New York- The labor market is stumping even the experts. The unemployment rate is near a 16-year low, and employers are fretting about their inability to find reliable workers. That shortage of workers should prompt an increase in wages. Remember that supply and demand curve: When the demand (for workers) exceeds the supply, prices should rise.
Yet wages have stubbornly resisted the pressure. As Janet L. Yellen, chairwoman of the Federal Reserve, noted in congressional testimony this week, the relationship between a tight labor market and wage pressure “has become more attenuated than we’ve been accustomed to historically.”
So why don’t employers offer more? That was a common question readers posed after an article last week about the government’s monthly jobs report quoted Sarah M. Smith, an owner of Rooforia Home Exteriors in Omaha. Ms. Smith depends on a federal program that gives temporary visas to guest workers — known as H-2B visas — because she is unable to find Americans to take a seasonal job repairing roofs that pays $17 an hour. The work is tough, she said, but “the pay is fair.”
Many people — including some economists — disagreed. By definition, they argued, if no one is willing to work for that wage, then the wage is too low. Others complained that allowing in guest workers pushes down the wages that American workers can get. (Employers have to advertise on a state website of job listings and at least twice in a local newspaper before they can apply to hire foreign workers on H-2B visas.)
Ms. Smith’s viewpoint, however, is echoed by thousands of employers, large and small, throughout the country. We asked this small-business owner to explain the financial constraints she confronts. Her answers shed some light on why wages are not going up. One reason is that while people want higher wages, they don’t want to pay higher prices. Average hourly wages have increased only 2.5 percent since last year, but prices of most goods and services have not risen much either. Year-over-year inflation is under 2 percent.
How much does it cost to repair a roof in Omaha?
Residential roofing jobs vary so much based on different factors, including the size, how high it is, how steep it is, the materials being installed. I would say, just by guessing, that our average roof replacement costs about $8,000. Usually we try to aim for 40 percent profit margin. A couple thousand for labor; the rest for materials, sales commission, taxes, insurance and overhead.
How did you arrive at the $17-an-hour rate?
We have offered the $17-an-hour wage because it is the prevailing wage determination for this type of work, according to the United States Department of Labor. We do offer incentives and bonuses above that. And just to note, Nebraska’s minimum wage is $9 an hour.

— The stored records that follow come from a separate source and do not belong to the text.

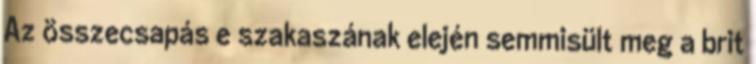
Az összecsapás e szakaszának elején semmisült meg a brit
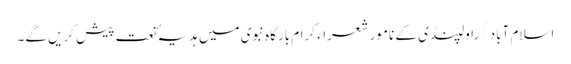
اسلام آباد /راولپنڈی کے نامور شعراء کرام بارگاہِ نبوی میں ہدیہٴ نعت پیش کریں گے۔
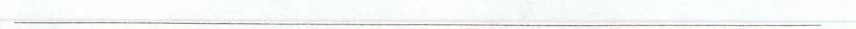
___
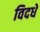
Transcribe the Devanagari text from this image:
विदधे
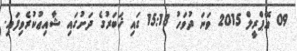
09 އޭޕްރީލް 2015 ވަނަ ދުވަހު 15:18 ގައި ޚަބަރުގެ ދަށުގައި ޝާއިޢުކުރެވިފައި.
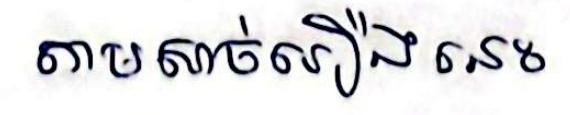
តាមសាច់រឿងនេះ

If you can’t get workers at $17 an hour, why don’t you offer higher pay?
In response to the article, I got an email that said if we were to offer $35 an hour with health care benefits, we would definitely get people to apply; it said people who were highly qualified applicants with years of experience would probably line up at our door.
My response is: We would love to be able to offer $35 an hour as starting pay, but are you in turn willing to pay premium prices for your next roof replacement? A lot of customers we get through online lead services like Thumbtack are people looking for the best deal. They want to collect proposals from four to five businesses and most of the time choose the cheapest one.
We want to compensate our employees fairly for the work they do and the risk they take, but we wouldn’t be able to stay in business if we doubled the hourly rate. It’s not just their hourly wage that becomes a factor. Insurance in the roofing industry is extremely expensive. Not only are we required to carry expensive general liability insurance, we also have to have workers’ compensation insurance for employees on the roof. That comes to 40 percent of their wage. And on top of that, there’s payroll tax.
We also do a lot of insurance restoration work like hail damage claims, and in those cases the insurance provider determines what they pay for labor and we work with it. If we come back saying it’s going to cost us way more on labor to do the job, the homeowner isn’t likely to want to cover the extra cost, especially not above their out-of-pocket deductible.
What do you think would happen if you did raise your prices to pay your workers more?
At the end of the day, if I were to say, “We’re a great company; we pay people double the prevailing wage, pay our insurance and taxes, buy the best materials for your house, and we give back to our community (we donate a percentage of our profits to our raise-a-roof initiative to donate roofs to families in need), but that means we’re going to charge you double for your roof,” I’m sure people (like the emailer) aren’t going to say: “Oh, that’s so great they pay their employees $35 an hour. Let’s write them a check for twice as much as their competitor because it makes us feel good!” They’re going to do what’s best for their bank account and their budget.
If you want to have lower-wage people paid more, you have to expect the price of the services to cost more; it’s not going to just come out of nowhere. That’s where the literal buck stops because no one wants to pay more of their hard-earned dollars. We still want to make a profit and not risk losing business because of increased prices.
Lastly, I would be willing to make a large bet that even if we did post a job for $35 an hour to do roofing in Omaha (it was 92 degrees this week), it would still be slim pickings. That’s why for us the H-2B program is a win-win: We get great workers whom we pay well above the minimum wage, and they are low-risk temporary immigrants who come here to do the job and go home to their families at the end of the season.